Role Summary
Engineer - HPC Platform. Be a catalyst for innovation in high performance computing at Lilly—transform and accelerate our HPC future by leading the design, build, and operation of scalable HPC platforms and enabling analytical, statistical, and scientific computing capabilities within Lilly’s HPC infrastructure.
Responsibilities
- Lead the engineering and operations of design, build, and maintenance of scalable HPC platforms.
- Enable Lilly’s HPC infrastructure and experiences for researchers and scientists.
- Collaborate with researchers to optimize performance and streamline workflows.

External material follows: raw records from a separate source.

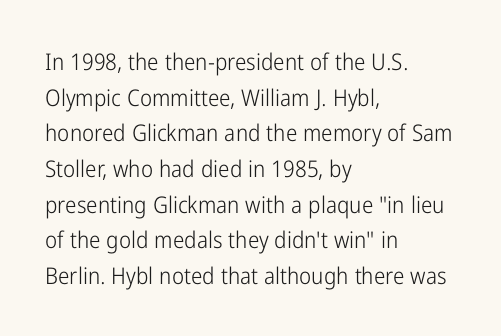
The image shows 23 px text type, upright; set left-aligned, normal line spacing (1.55x), normal letter spacing, not underlined.
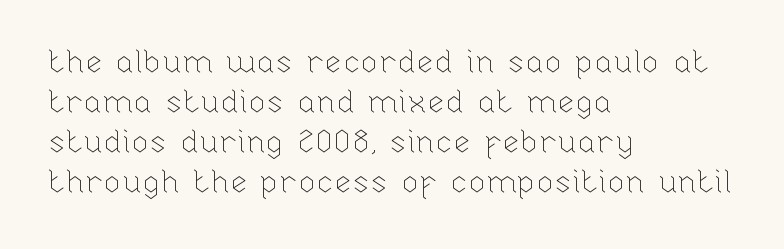
Is there any slant? The stems are plumb. The area under the type is left untouched. The strokes are not fattened; the text isn't bold. A classic flush-left, rag-right setting is used for this passage. Proportional: the letters do not fall into vertical columns. The leading is moderate, giving the passage an even texture.
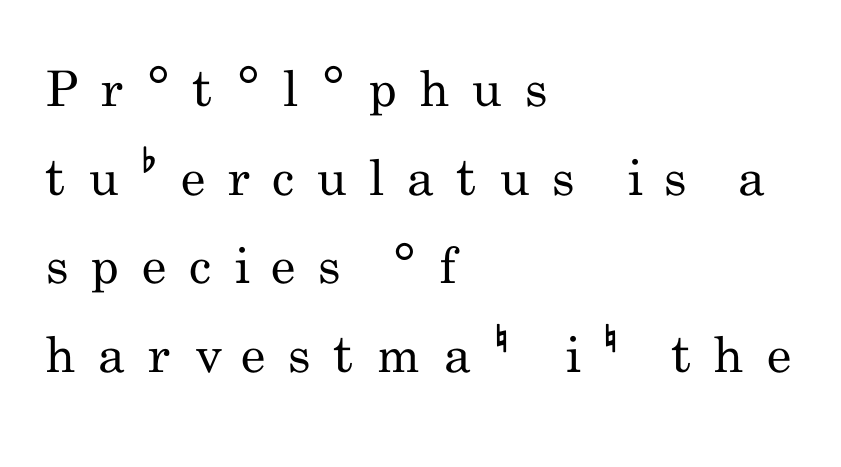
Q: Is the text bold? A: No.
Q: Is the text italic (slanted)? A: No, it is upright.
Q: Is the typeface a serif or a sans-serif typeface? A: Sans-serif.
Q: Is the text underlined? A: No.
Q: How is the paragraph aligned? A: Left-aligned.
Q: Is the spacing between letters normal or unusually wide? A: Unusually wide.
Q: Width (condensed, normal, or wide)? A: Condensed.
Q: Stroke contrast? A: Low.
Q: x-height? A: Small.
Q: Monospaced? A: No.

- Leverage tooling and automation for orchestration, resource scheduling, data access, and reproducibility.
- Evolve and operate public cloud and on-premises environments with a focus on availability and performance for HPC workloads.
- Define and monitor infrastructure metrics and resource utilization.
Qualifications
- Hands-on experience in HPC platforms, including accelerators (GPU), HPC schedulers (e.g., Altair Grid Engine, Slurm), Kubernetes platforms, and containers (Docker, Apptainer).
- Demonstrated experience in HPC workloads, infrastructure, and cluster architectures.
- Expertise with Linux command line, Linux troubleshooting, and HPC administration.
- Experience with DevOps tools such as GitHub, Chef, Ansible, and Terraform.
- Experience with automating infrastructure and applications.
- Strong programming and scripting skills in Python or Bash.
- Bachelor’s degree in Computer Science, Information Technology, or related technical field.
- 2+ years’ experience as an HPC Platform Engineer.
Skills
- Platform engineering
- HPC infrastructure and cluster management
- Automation and orchestration
- Cloud and on-premises HPC integration
- Performance optimization
Education
- Bachelor’s degree in Computer Science, Information Technology, or related technical field
Additional Requirements
- Demonstrated experience leading a global large-scale infrastructure project.
- Hybrid role located in Indianapolis, IN (relocation required). < 5% travel.